Je l’avoue, ce mot — celui de rencontre — continue de me rendre perplexe quant à son efficacité et son rôle. Depuis, j’ai appris qu’on ne rencontre pas seulement des amis, mais aussi son adversaire. Et si on rencontre les êtres dans ce qu’ils font, plutôt que par ce qu’ils sont — disait à peu près Deleuze —, on les rencontre aussi par ce qu’ils nous font et par ce qu’ils défont. Et ce monde défait plus qu’il ne tisse.
Rencontre : mot qui continue donc de me rendre fébrile quant à sa promesse, même si c’est au nom de la fébrilité, parce qu’elle demeure inconnaissable avant de l’éprouver, qu’on prend des trains Inouï(s) qui ont trahi les grèves.
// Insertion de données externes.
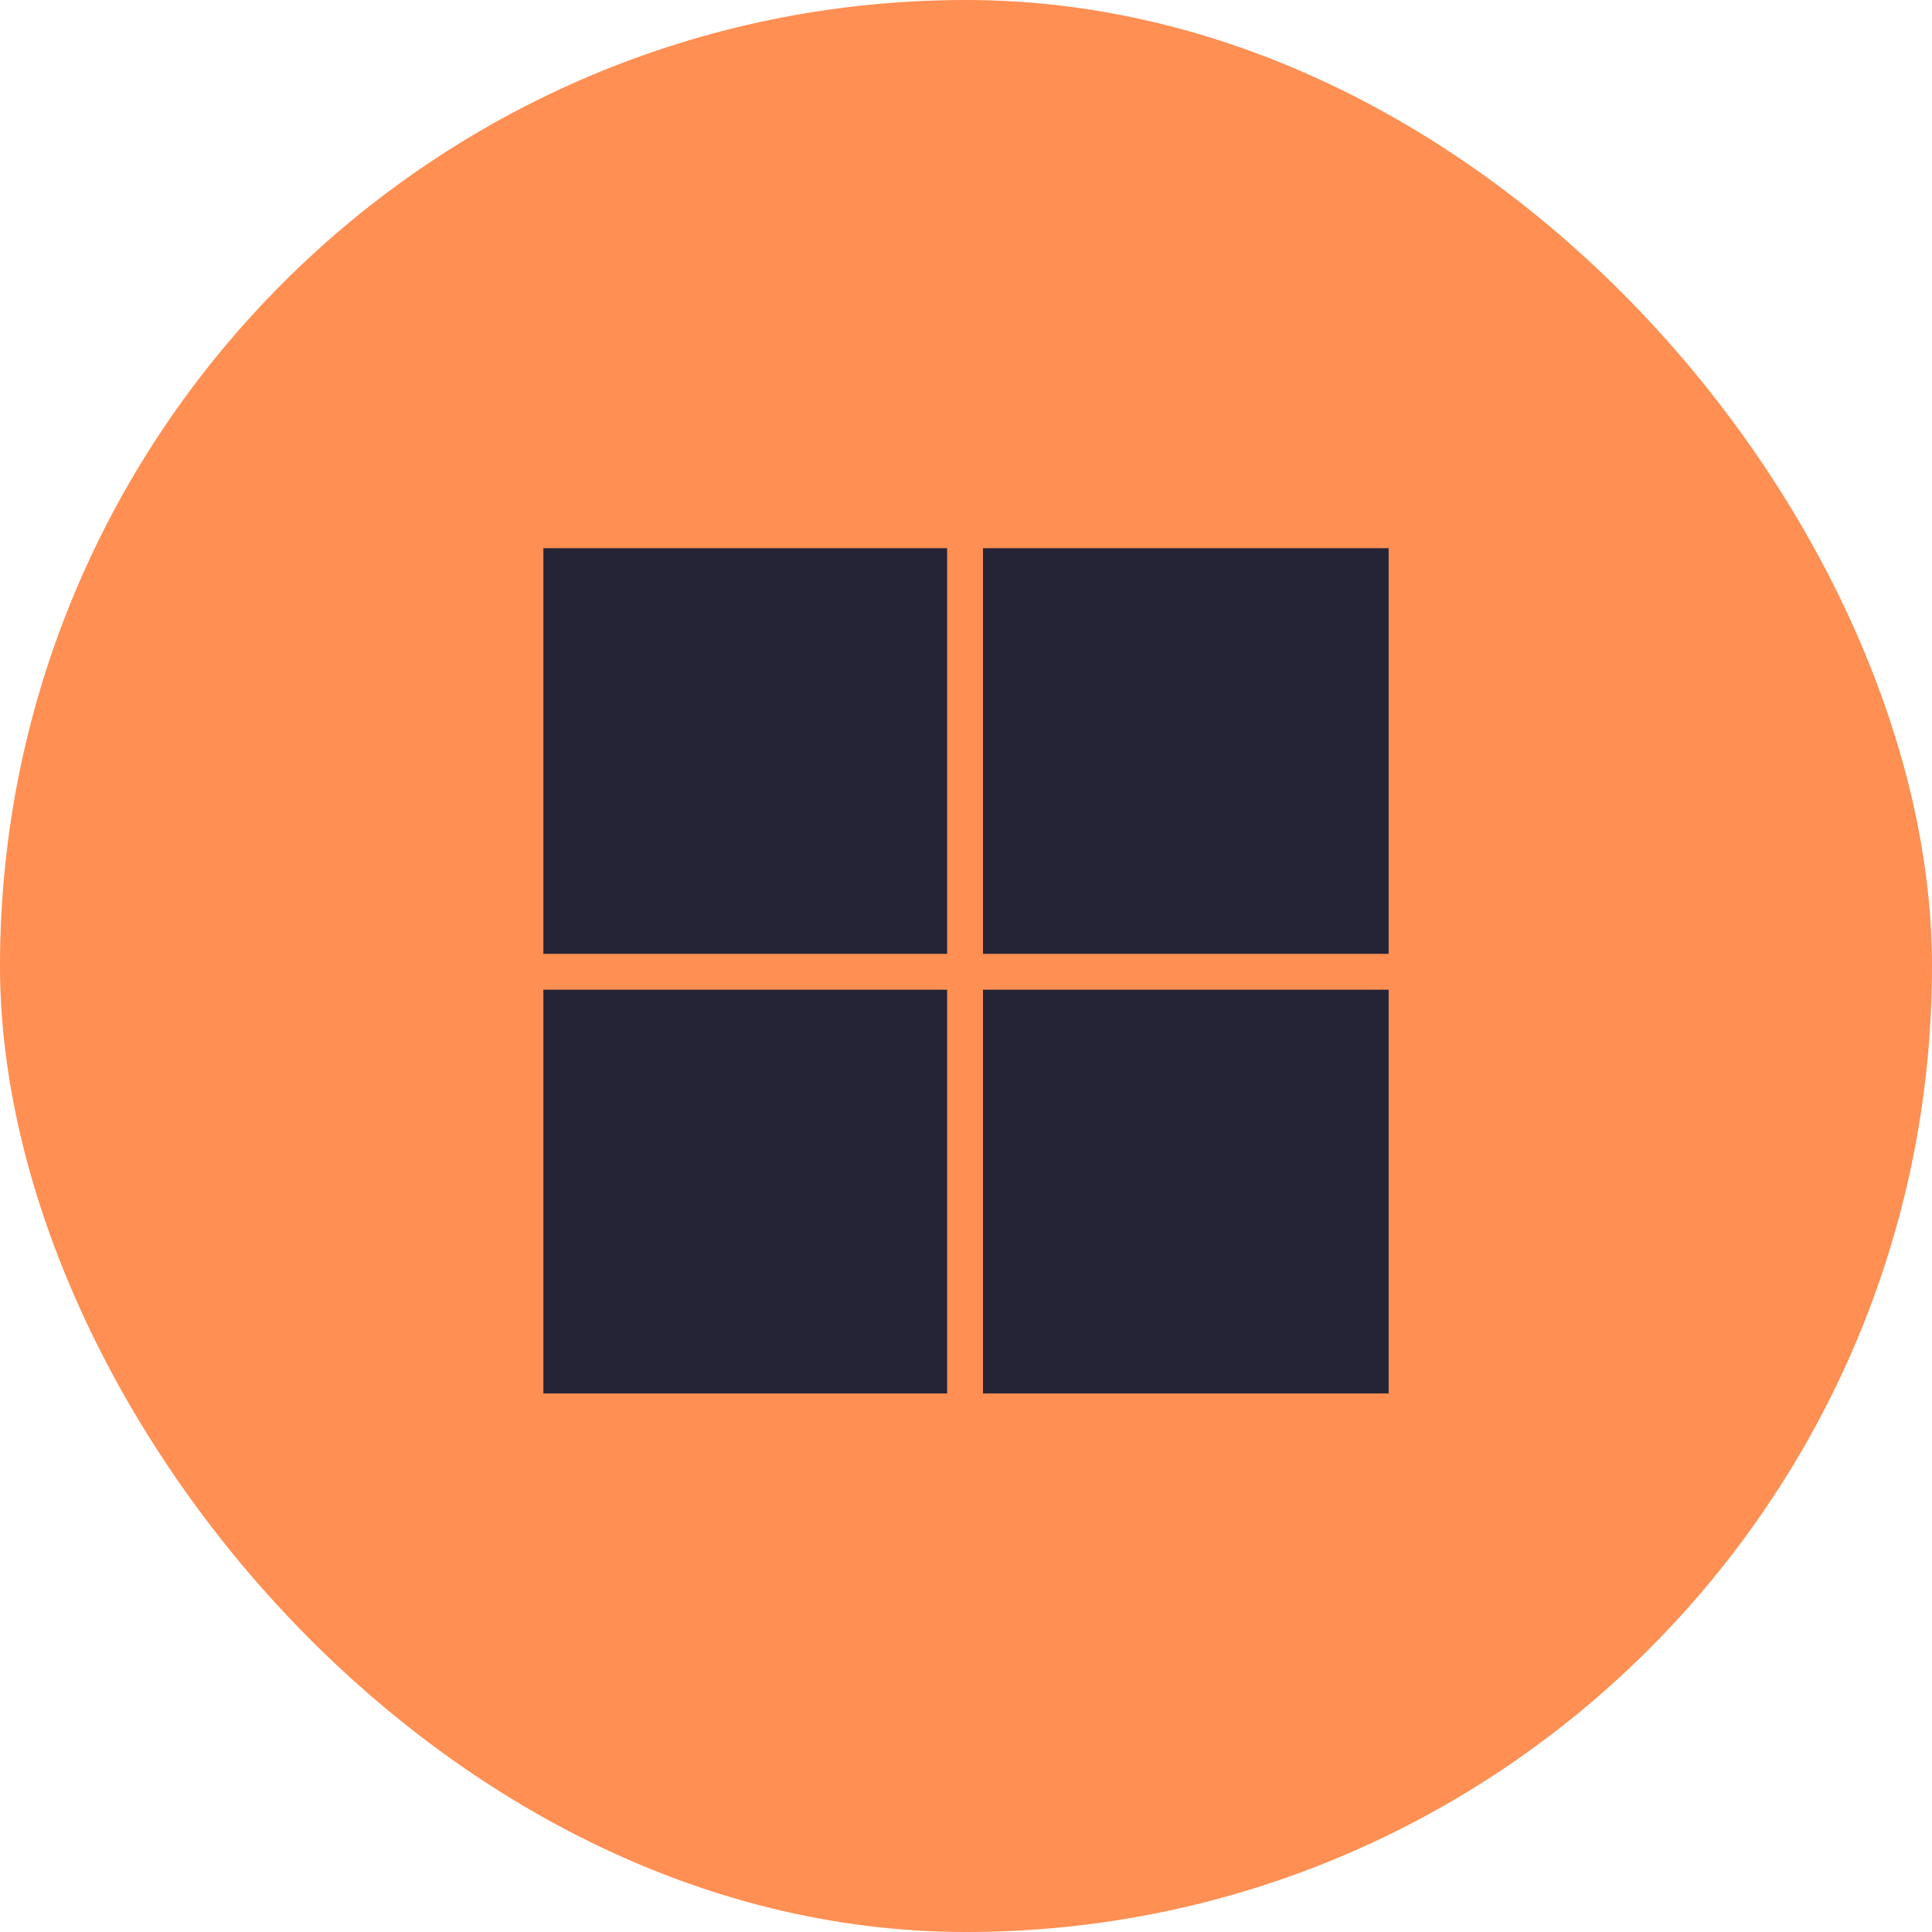 <?xml version="1.0" encoding="UTF-8"?>
<svg xmlns="http://www.w3.org/2000/svg" width="100" height="100" viewBox="0 0 100 100" fill="none">
  <rect width="100" height="100" rx="50" fill="#FF8F52"></rect>
  <path d="M28.125 28.375H49.023V49.371H28.125V28.375ZM50.879 28.375H71.875V49.371H50.879V28.375ZM28.125 51.227H49.023V72.125H28.125V51.227ZM50.879 51.227H71.875V72.125H50.879V51.227Z" fill="#252436"></path>
</svg>
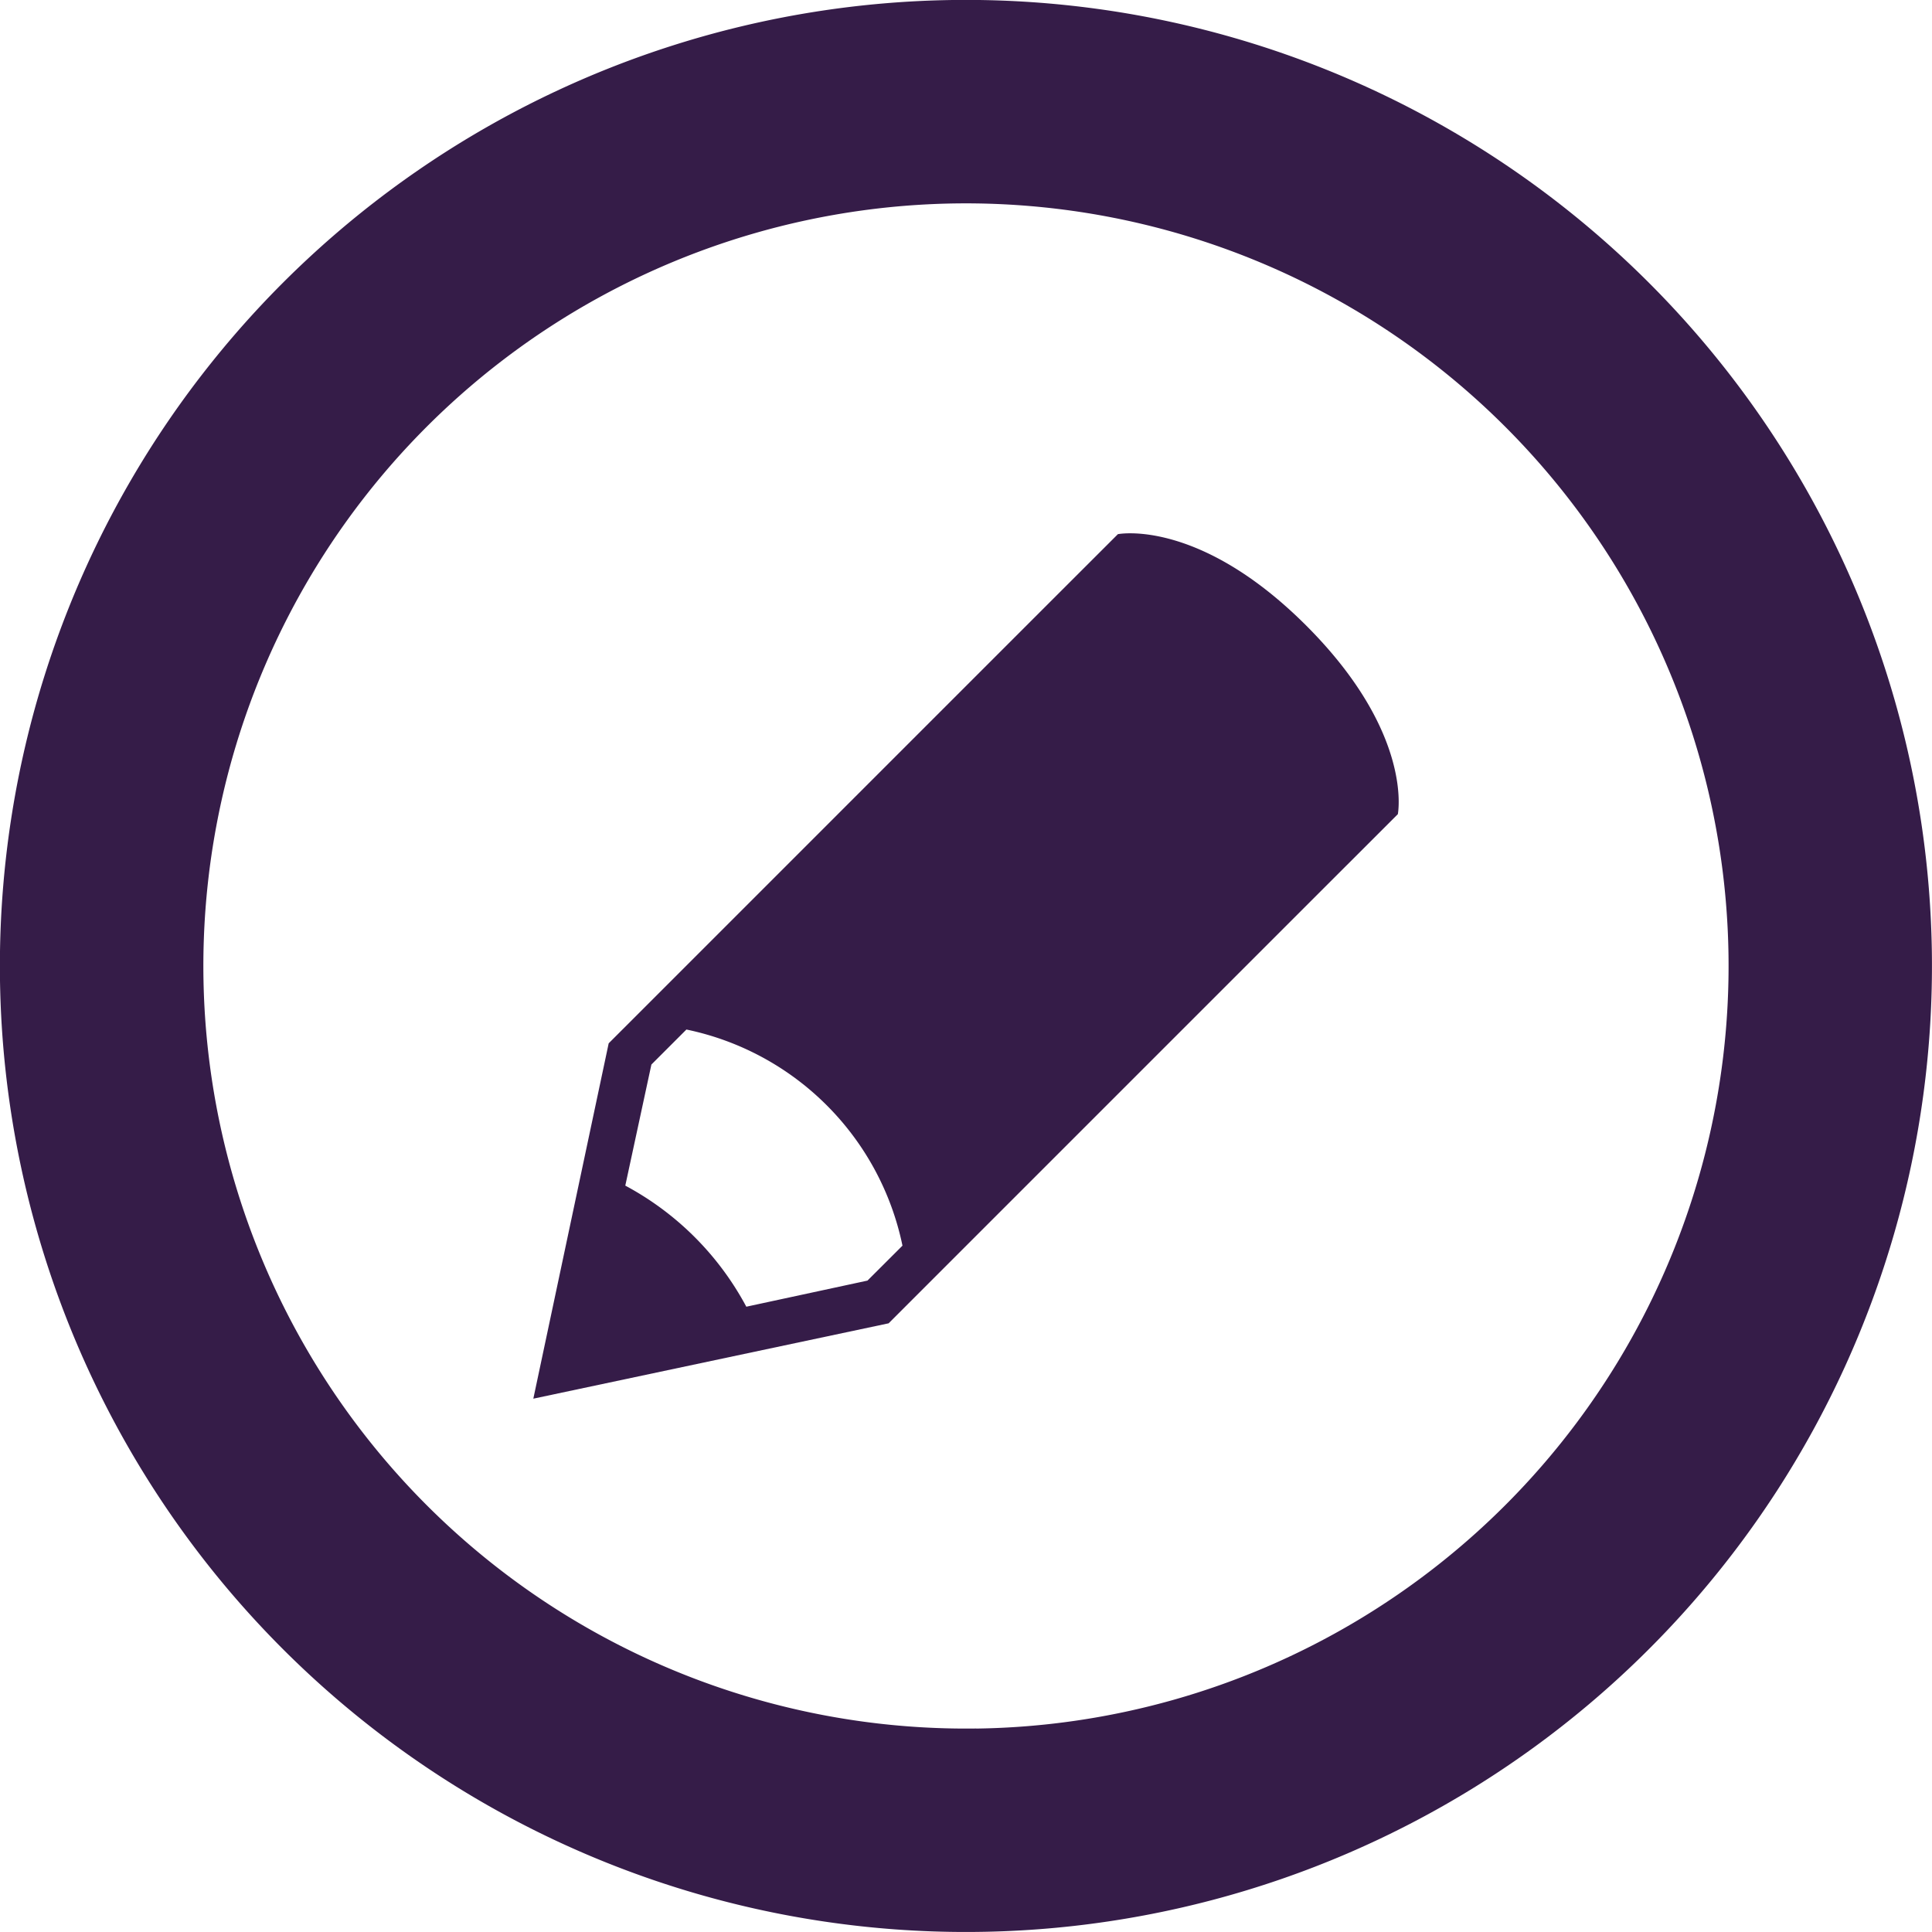 <svg xmlns="http://www.w3.org/2000/svg" width="30.125" height="30.125" viewBox="0 0 30.125 30.125">
  <g id="Groupe_1523" data-name="Groupe 1523" transform="translate(-1400 -350)">
    <g id="Groupe_1517" data-name="Groupe 1517" transform="translate(-13.755 -94)">
      <g id="Groupe_1515" data-name="Groupe 1515" transform="translate(1413.755 444)">
        <path id="Tracé_1506" data-name="Tracé 1506" d="M1428.616,444a15.063,15.063,0,1,0,15.262,14.86A15.063,15.063,0,0,0,1428.616,444Zm.36,26.952a11.891,11.891,0,1,1,11.731-12.05A11.892,11.892,0,0,1,1428.976,470.953Z" transform="translate(-1413.755 -444)" fill="#351c48"/>
      </g>
      <g id="Groupe_1516" data-name="Groupe 1516" transform="translate(1422.071 452.316)">
        <path id="Tracé_1507" data-name="Tracé 1507" d="M1452.308,471.94c-1.679-1.679-2.938-1.427-2.938-1.427l-1.224,1.223-6.716,6.716-1.175,5.541,5.54-1.175,6.716-6.716,1.224-1.223S1453.987,473.62,1452.308,471.94Zm-6.843,10.212-1.889.407a4.6,4.6,0,0,0-1.887-1.888l.407-1.888.546-.546a4.342,4.342,0,0,1,3.369,3.37Z" transform="translate(-1440.255 -470.5)" fill="#351c48"/>
      </g>
    </g>
  </g>
</svg>

Et qu’on écrit, dans le souci d’affronter l’adversité, peut-être ? Le lieu de l’écriture serait finalement comme la Criée : la faveur du silence en plus.
Il y a trois ans, je finissais l’écriture de cette lettre dans le désir, maladroit comme savent l’être les désirs informulables, de se préparer : si nous sommes liés par la critique, et si la critique nous liait au monde, c’était parce qu’elle était ce lieu d’appui, comme une planche d’appel avant le grand saut dans le monde, et qu’il nous fallait armer notre corps et notre intelligence pour s’y jeter, avant de s’y jeter et de l’affronter même, pourquoi pas.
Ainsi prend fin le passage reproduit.